Topic: BatzP - 1st Gaza
The First Battle of Gaza
Palestine, 26 to 27 March 1917
Falls Account Part 10
Falls Account, Sketch Map 15.
The following is an extract of the Falls Account from the the Official British War History volumes on Egypt written by Falls, C.; and, MacMunn, G., Military operations: Egypt and Palestine, (London 1928), pp. 279 - 325 detailing the British role at the First Battle of Gaza, Palestine, 26 to 27 March 1917.
Chapter XVII The First Battle of Gaza (Continued).
The First Battle of Gaza.
The Reoccupation of Ali Muntar and Turkish Counter-Attacks.
It was not till 5 a.m. on the 27th that General Chetwode realized that the whole position had been abandoned.

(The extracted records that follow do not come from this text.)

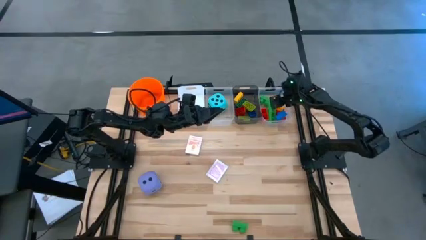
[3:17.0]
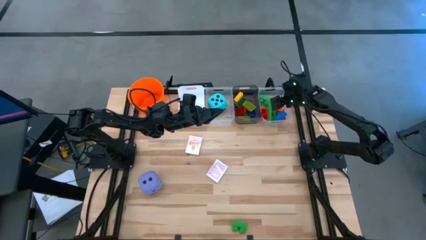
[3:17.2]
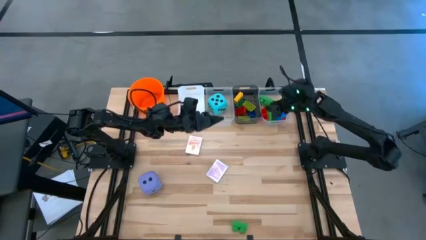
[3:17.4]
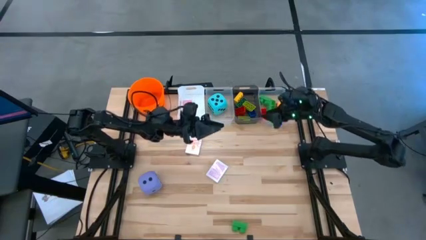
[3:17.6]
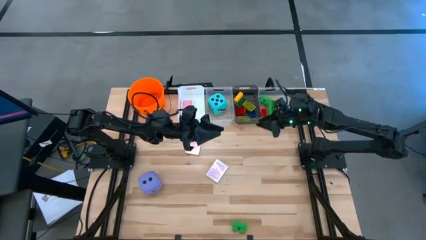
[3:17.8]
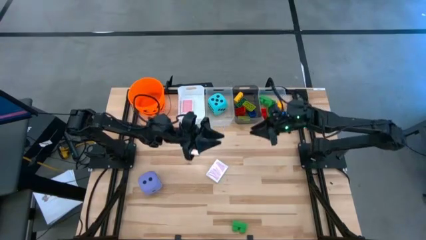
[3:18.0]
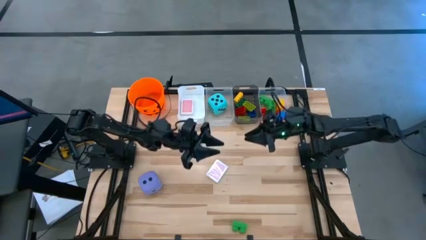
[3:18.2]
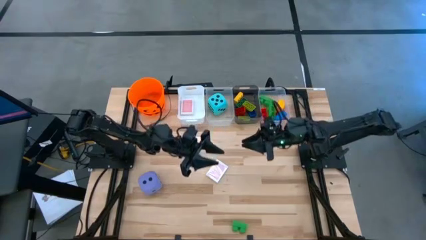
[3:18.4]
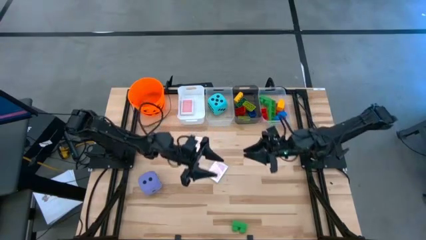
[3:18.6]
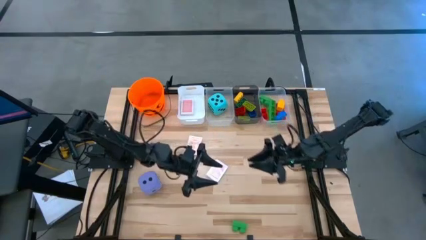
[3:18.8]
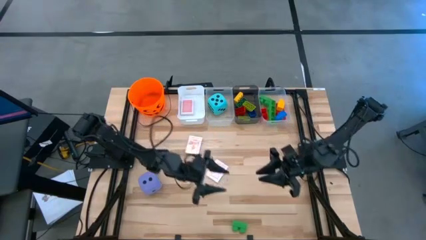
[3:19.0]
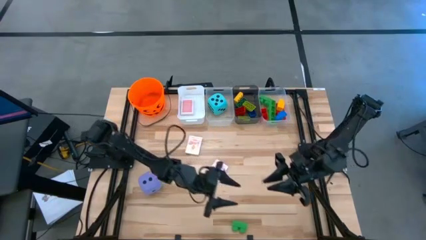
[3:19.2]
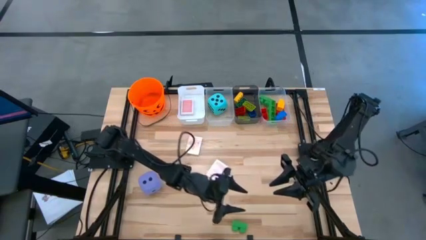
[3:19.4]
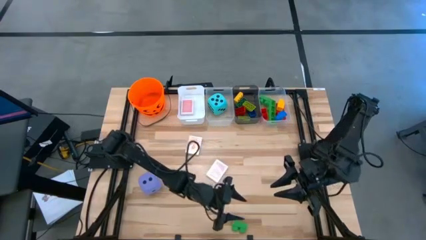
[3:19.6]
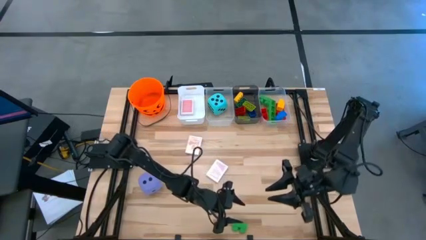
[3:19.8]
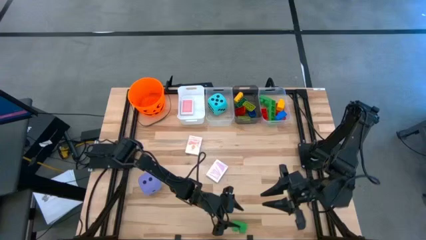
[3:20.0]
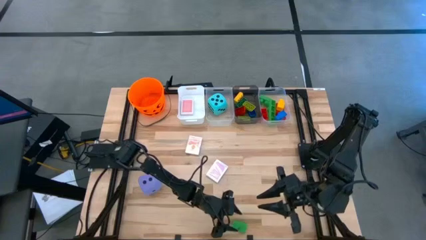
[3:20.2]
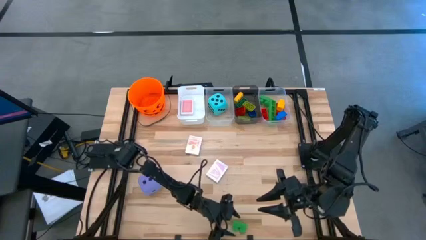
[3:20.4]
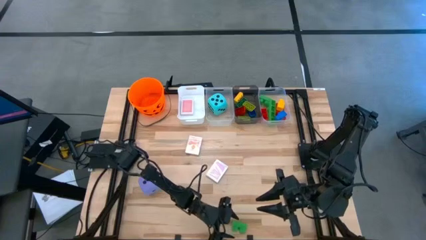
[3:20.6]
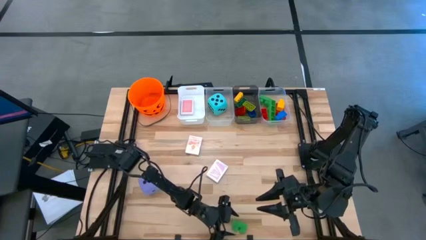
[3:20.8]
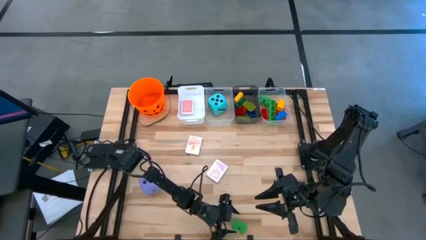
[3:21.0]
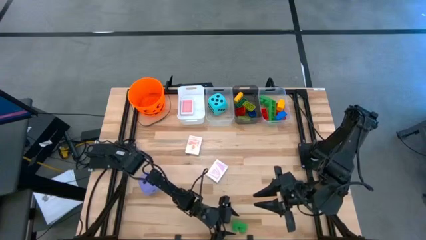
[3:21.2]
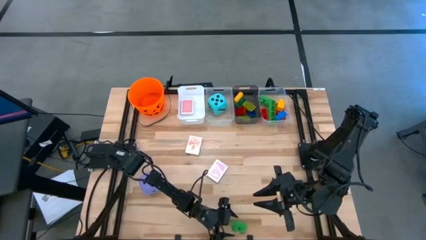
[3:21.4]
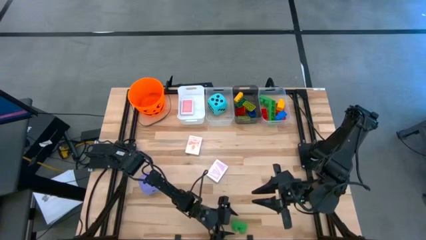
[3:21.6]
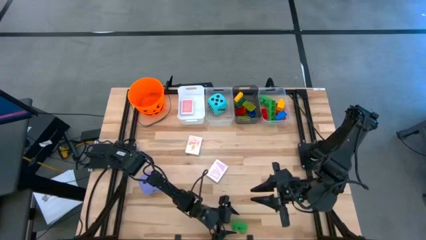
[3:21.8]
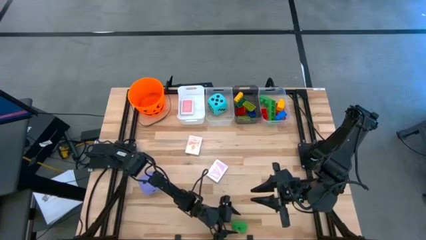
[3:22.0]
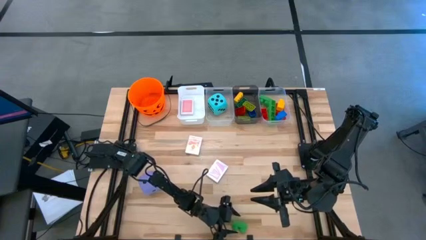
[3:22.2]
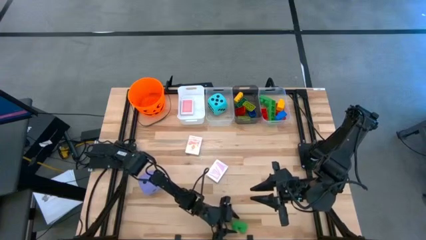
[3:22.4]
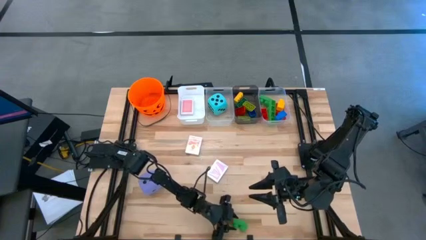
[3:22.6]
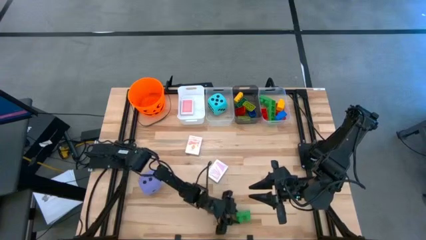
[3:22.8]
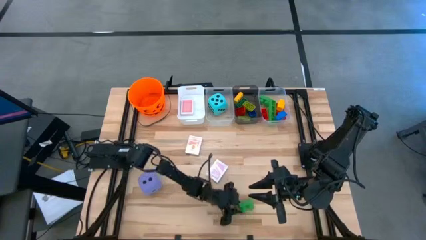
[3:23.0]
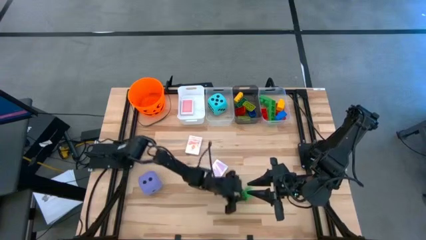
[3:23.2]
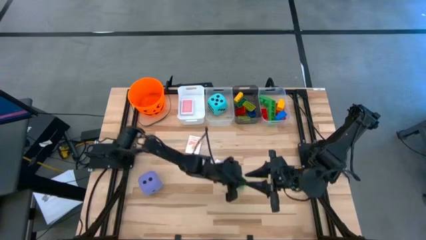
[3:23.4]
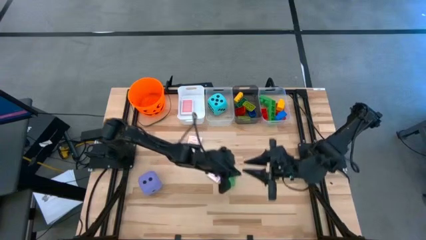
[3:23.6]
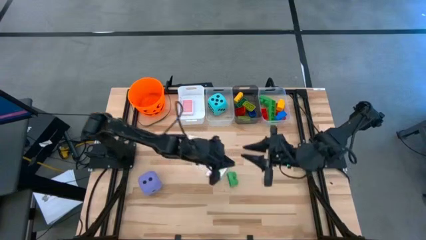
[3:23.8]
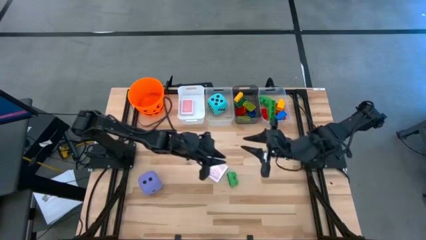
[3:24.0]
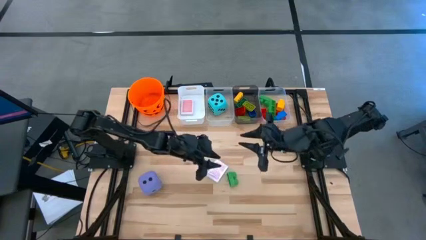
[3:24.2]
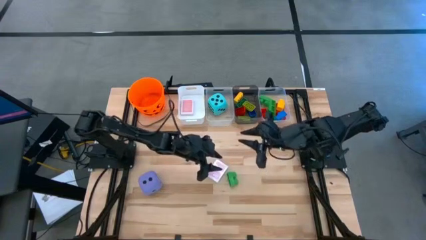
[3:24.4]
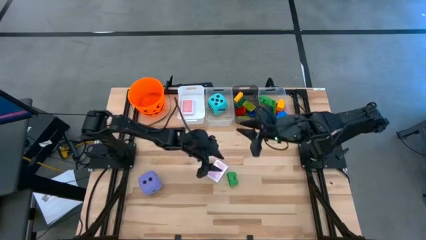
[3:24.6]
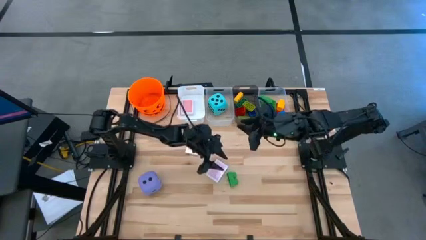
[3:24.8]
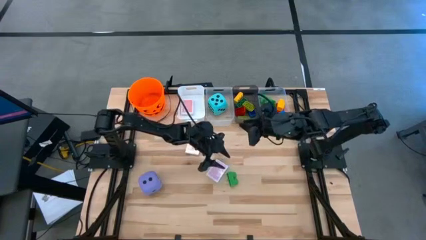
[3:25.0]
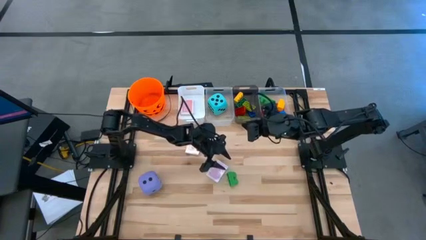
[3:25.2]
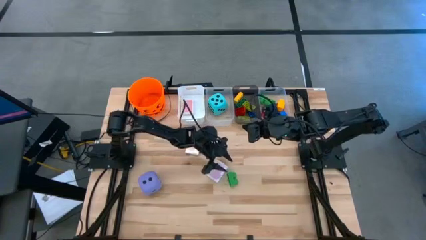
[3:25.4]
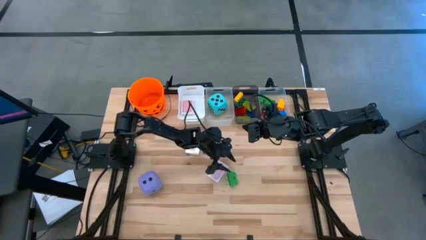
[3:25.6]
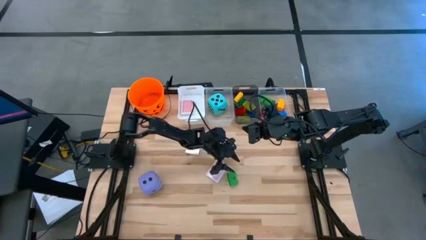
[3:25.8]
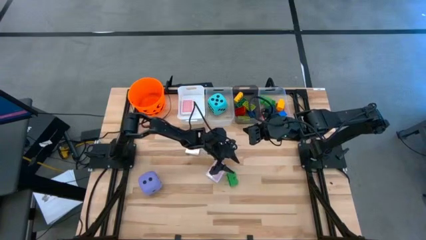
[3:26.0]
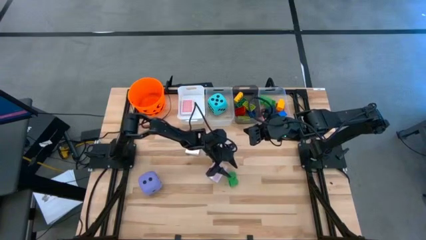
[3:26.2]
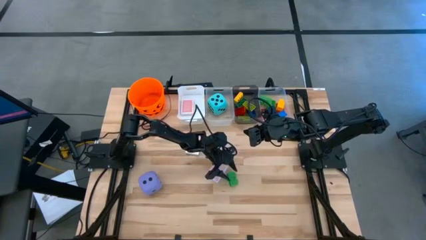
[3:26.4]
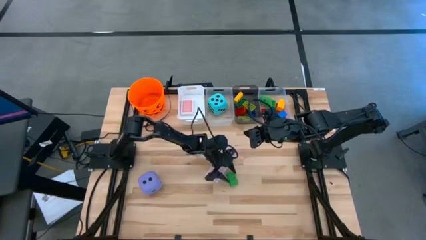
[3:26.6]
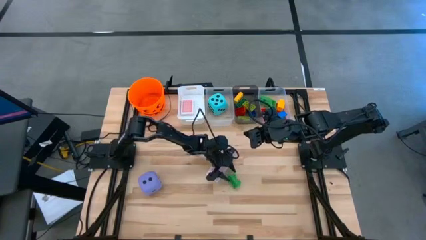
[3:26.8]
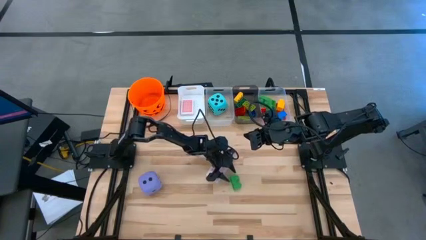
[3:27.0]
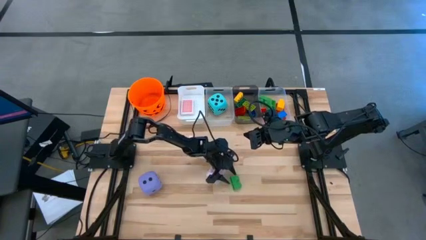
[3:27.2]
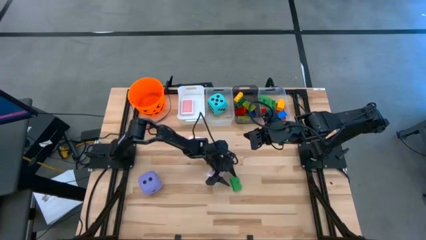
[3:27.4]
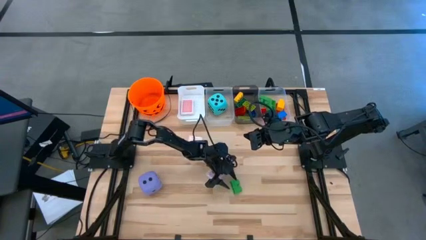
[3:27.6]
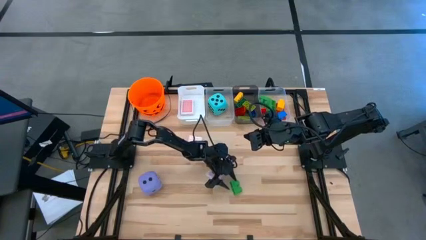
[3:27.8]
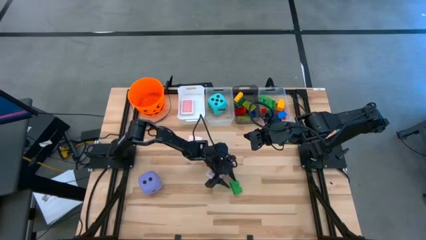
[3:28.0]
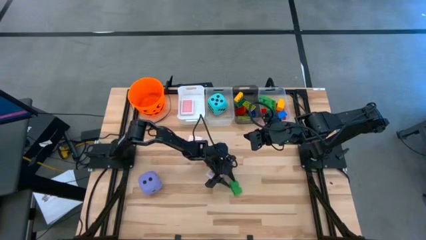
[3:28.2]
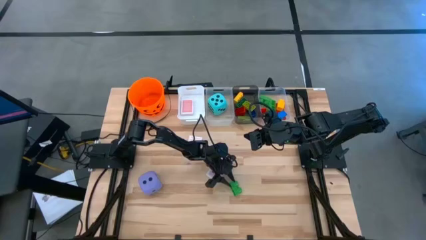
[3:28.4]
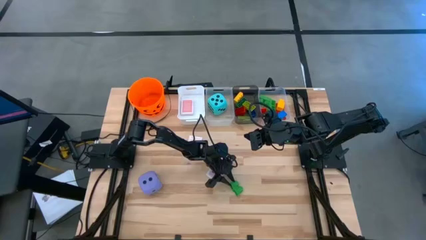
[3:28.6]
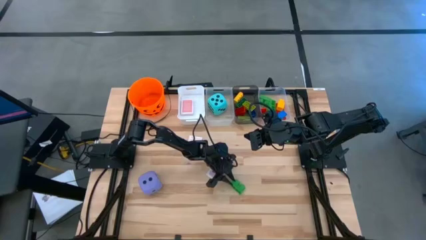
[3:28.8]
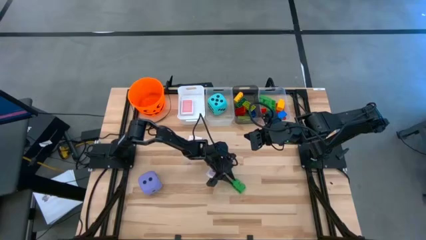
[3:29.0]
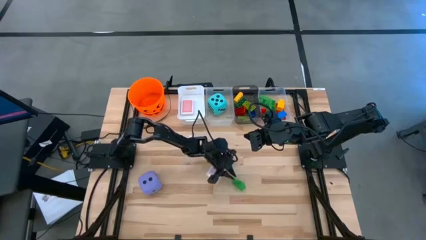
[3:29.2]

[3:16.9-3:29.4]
Task: Pick & Place Toys
Put the large green game piece into the right transparent bin

General Dallas states that he had explained on the telephone the full extent of his withdrawal to General Chetwode; the latter states that he did not understand his subordinate to mean that he was abandoning anything like so much ground. In any case the responsibility rests upon Desert Column Headquarters, since General Dallas had telegraphed to it the line he was taking up.

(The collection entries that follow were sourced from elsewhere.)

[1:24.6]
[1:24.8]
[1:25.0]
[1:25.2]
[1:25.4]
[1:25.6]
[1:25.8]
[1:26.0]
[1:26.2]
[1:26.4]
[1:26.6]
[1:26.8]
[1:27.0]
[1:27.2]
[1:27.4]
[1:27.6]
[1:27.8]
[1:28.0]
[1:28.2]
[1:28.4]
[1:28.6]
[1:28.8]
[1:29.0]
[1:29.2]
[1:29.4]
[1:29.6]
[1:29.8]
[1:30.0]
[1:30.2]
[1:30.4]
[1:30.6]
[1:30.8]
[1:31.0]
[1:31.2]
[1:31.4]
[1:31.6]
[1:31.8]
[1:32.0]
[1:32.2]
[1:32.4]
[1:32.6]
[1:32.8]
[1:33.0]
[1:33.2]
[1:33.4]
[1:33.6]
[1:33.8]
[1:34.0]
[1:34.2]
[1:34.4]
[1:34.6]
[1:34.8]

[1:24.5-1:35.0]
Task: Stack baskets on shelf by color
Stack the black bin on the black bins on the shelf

He then issued orders that patrols of the 53rd Division and of Money's Detachment should advance and discover whether the Turks had reoccupied it.O.C. Cav. Regt., Imp. Mtd. Div., att'd. 53rd Divn.;
A.P. 22. 27th.Push patrols forward at once and ascertain situation west and north of Gaza. Open your helio and get touch with Eastforce H.Q., Hill 310. 5.36 a.m.Des. Col.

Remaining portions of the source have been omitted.